Подобрав с пола драм-машину и гитару, Гарри украдкой, придерживая плащ, направился к пожарному выходу, молясь в душе, чтобы дверь была открыта. Если опять придется идти через весь зал, он этого не переживет.
На его счастье, выйти удалось без приключений, падений или переломанных конечностей.
На какое-то мгновение Гарри замер, задрав к небу зудящий подбородок, в ожидании гигантской монти-пайтоновской ступни[40]
, которая опустилась бы на его грешную голову и раздавила в лепешку это ничтожество. По крайней мере, он бы этому совсем не удивился. И никто особенно не переживал бы.Но вместо карающей ножищи ощутил лишь первые капли дождя — с запада надвигались тучи.
Гарри почесал подбородок и поведал парочке подмокших голубей:
— Вот так умерла его любовь к музыке.
Потом завернул драм-машину в плащ и побрел к машине.
Глава двадцать третья
Бронте никогда раньше не думала, что поза лотоса может быть настолько болезненной. Она распрямила ноги и поболтала ими в воздухе — правая совсем затекла. На ковре лежала картинка — буддистский монах, глаза полузакрыты, руки сцеплены, большие пальцы рук соединены.
— Мать твою! — совсем не по-монашески выругалась Бронте, чувствуя, как начинает сводить и левую ногу.
После получасовой попытки медитации она совсем запуталась в своей жизни, а единственное, что поняла в результате надругательства над собственными ногами, — кровообращение у нее ни к черту. Неужели тибетским монахам тоже приходится каждые десять минут вскакивать, чтобы размяться? Вряд ли. Может, на Будду и снизошло озарение под священным деревом Бодхи, но на нее оно скорее снизойдет, если она сбегает в магазин за сигаретами.

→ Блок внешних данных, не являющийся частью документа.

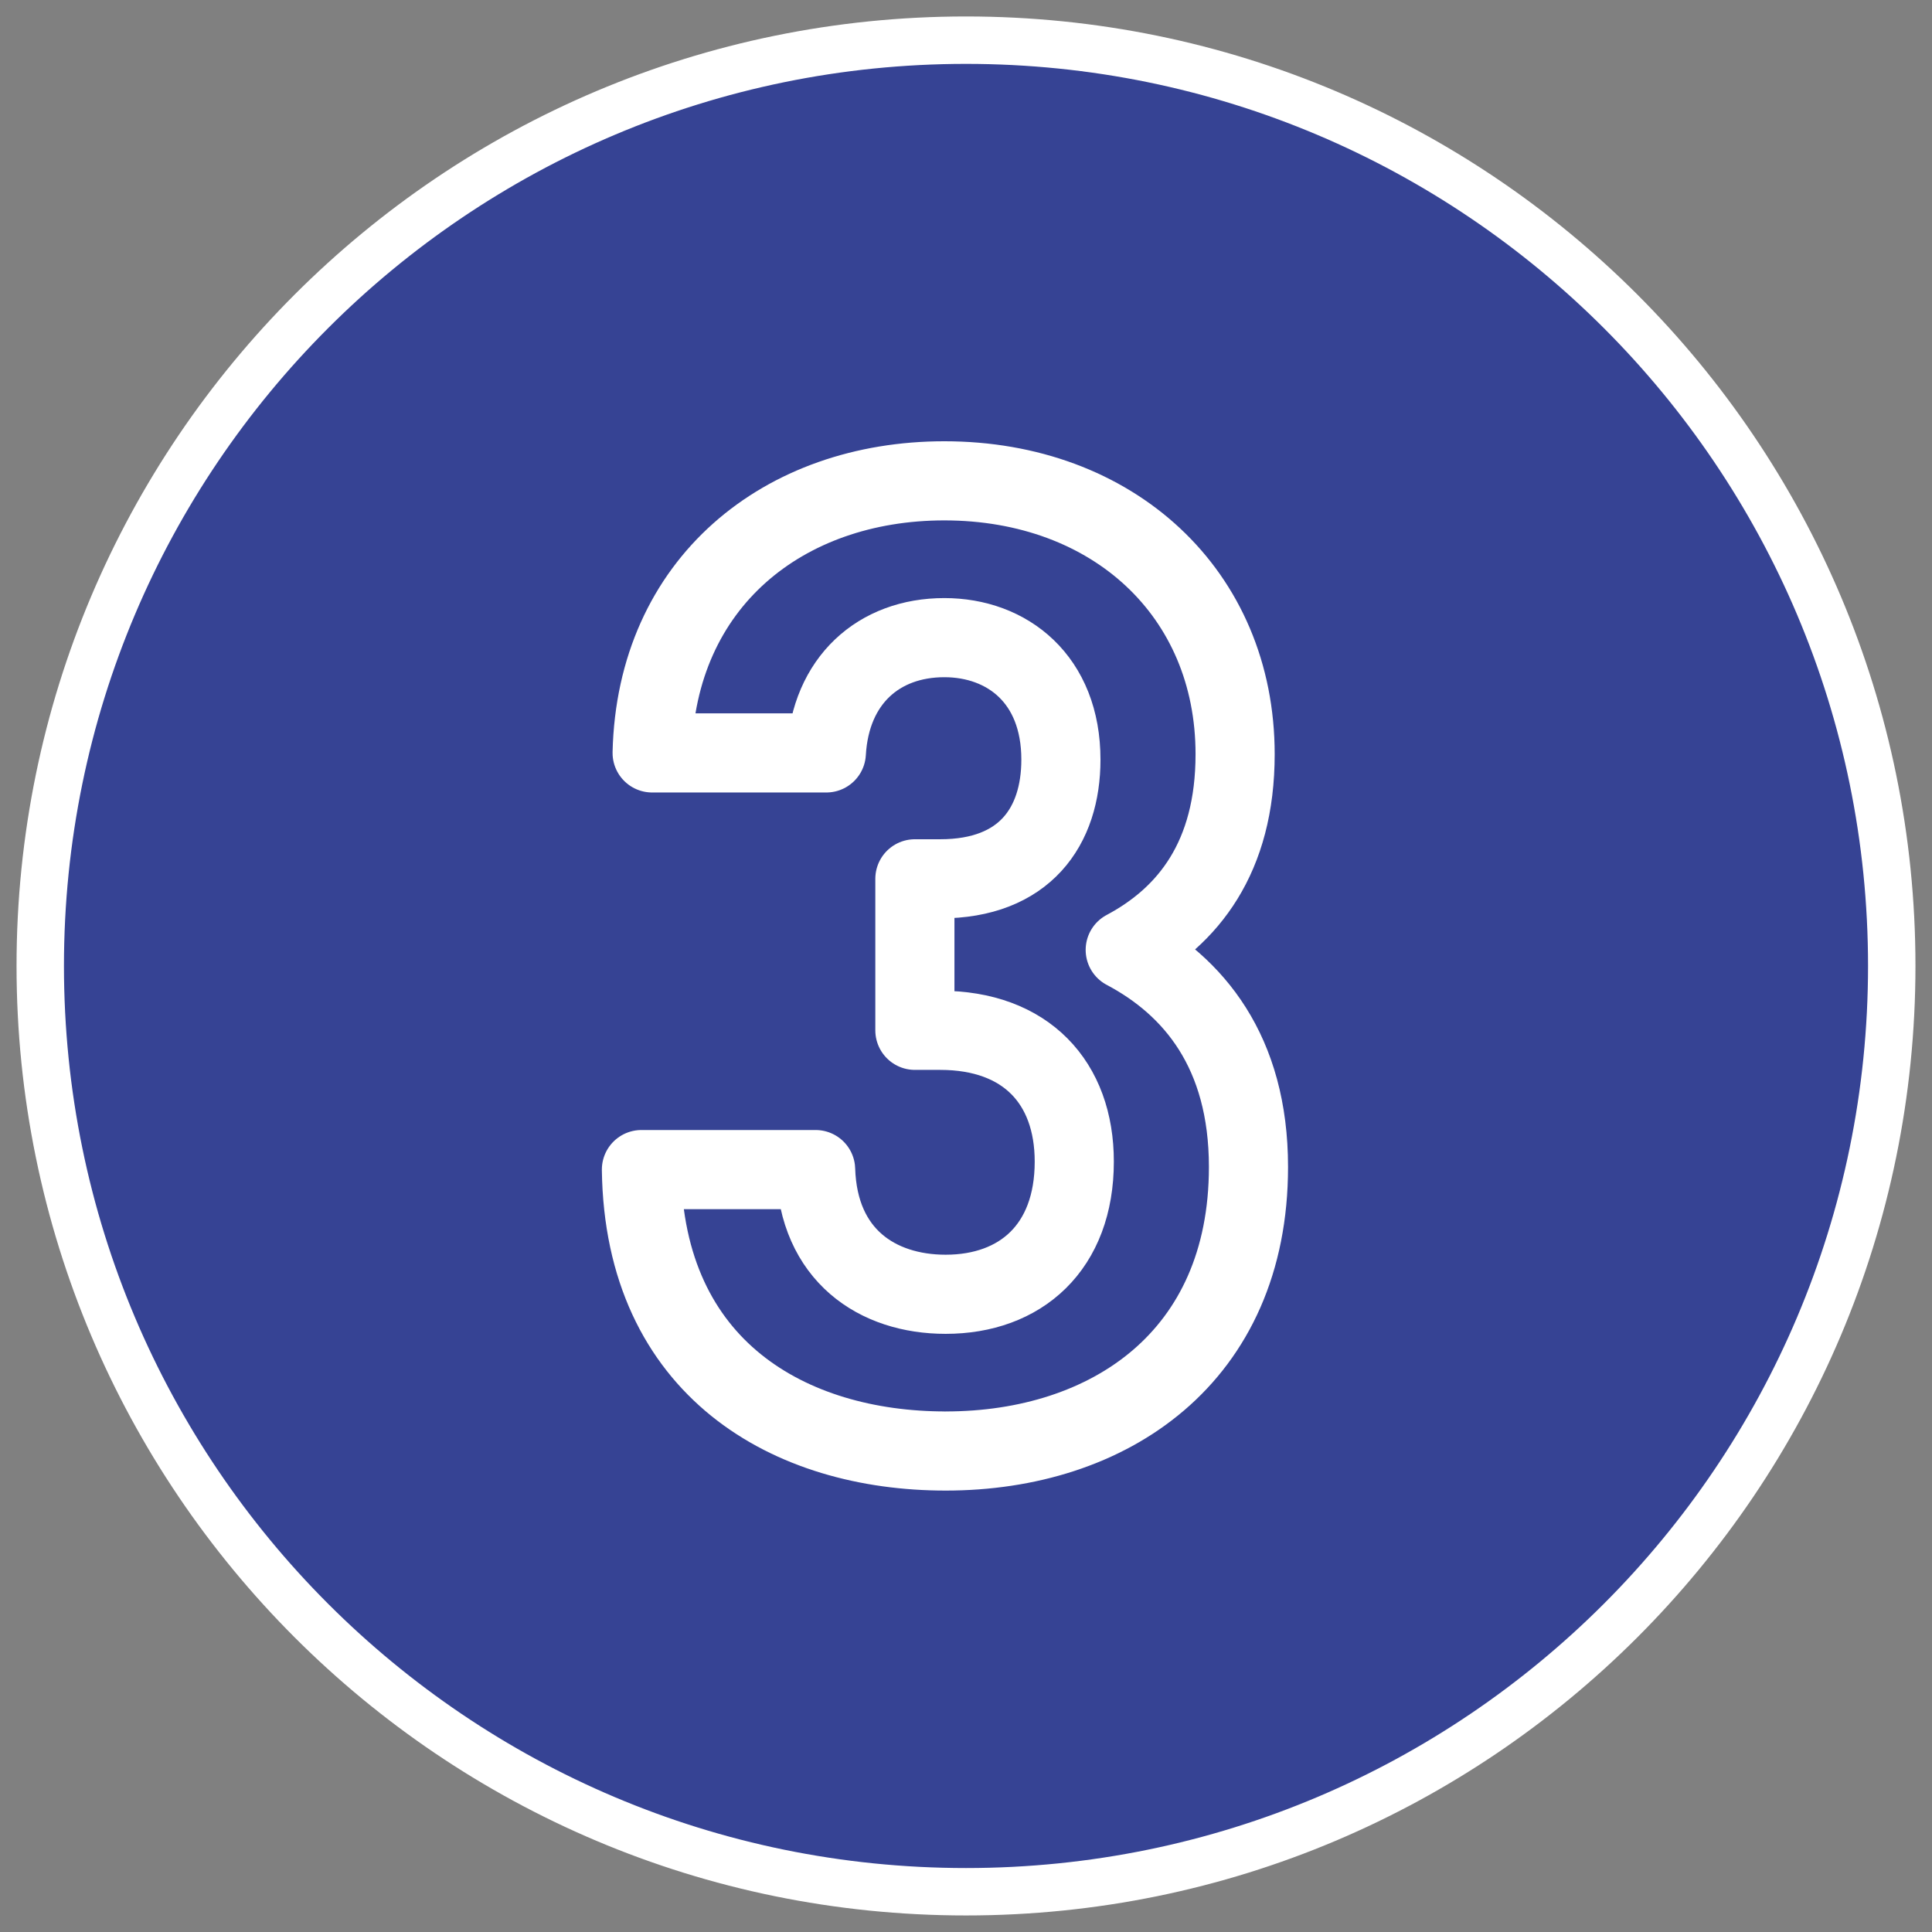 <?xml version="1.0" encoding="UTF-8"?><svg id="a" xmlns="http://www.w3.org/2000/svg" viewBox="0 0 24 24"><rect x="0" y="0" width="24" height="24" fill="#808080" stroke="none"/><defs><style>.b{stroke-linejoin:round;stroke-width:.983px;}.b,.c{fill:none;stroke:#fff;}.c{stroke-width:.589px;}.d{fill:#364394;}</style></defs><path class="d" d="M12,.499C5.649.499.5,5.648.5,11.999c0,6.353,5.149,11.501,11.5,11.501s11.5-5.149,11.5-11.501C23.5,5.648,18.351.499,12,.499"/><path class="b" d="M11.747,18.025c-1.932,0-3.746-1.016-3.779-3.496h2.164c.033,1.065.766,1.549,1.615,1.549.932,0,1.598-.583,1.598-1.648,0-.982-.6-1.631-1.665-1.631h-.315v-1.882h.315c1.049,0,1.499-.649,1.499-1.481,0-.999-.666-1.515-1.448-1.515-.816,0-1.415.532-1.466,1.432h-2.164c.05-2.114,1.632-3.38,3.63-3.38,2.097,0,3.612,1.398,3.612,3.396,0,1.282-.583,2.015-1.365,2.431.849.449,1.531,1.265,1.531,2.696,0,2.364-1.731,3.529-3.762,3.529Z"/><path class="c" d="M12,.499C5.649.499.5,5.648.5,11.999c0,6.353,5.149,11.501,11.5,11.501s11.5-5.149,11.5-11.501C23.5,5.648,18.351.499,12,.499Z"/></svg>

Индуизм был не лучше. Ганеша, слоноголовый бог мудрости, был довольно милым — Бронте даже купила его статуэтку на блошином рынке и поставила на трюмо, выделив место среди флаконов с мятным дезодорантом для ног, коробочек с витаминами и салфетками. Ответов, правда, не прибавилось — с тем же успехом можно было приобрести статуэтку Микки — Мауса.
Еще раз подрыгав ногой, Бронте решила, что разомнется в парке, а заодно купит сигарет. От всех этих дыхательных упражнений и медитаций курить хотелось до одури.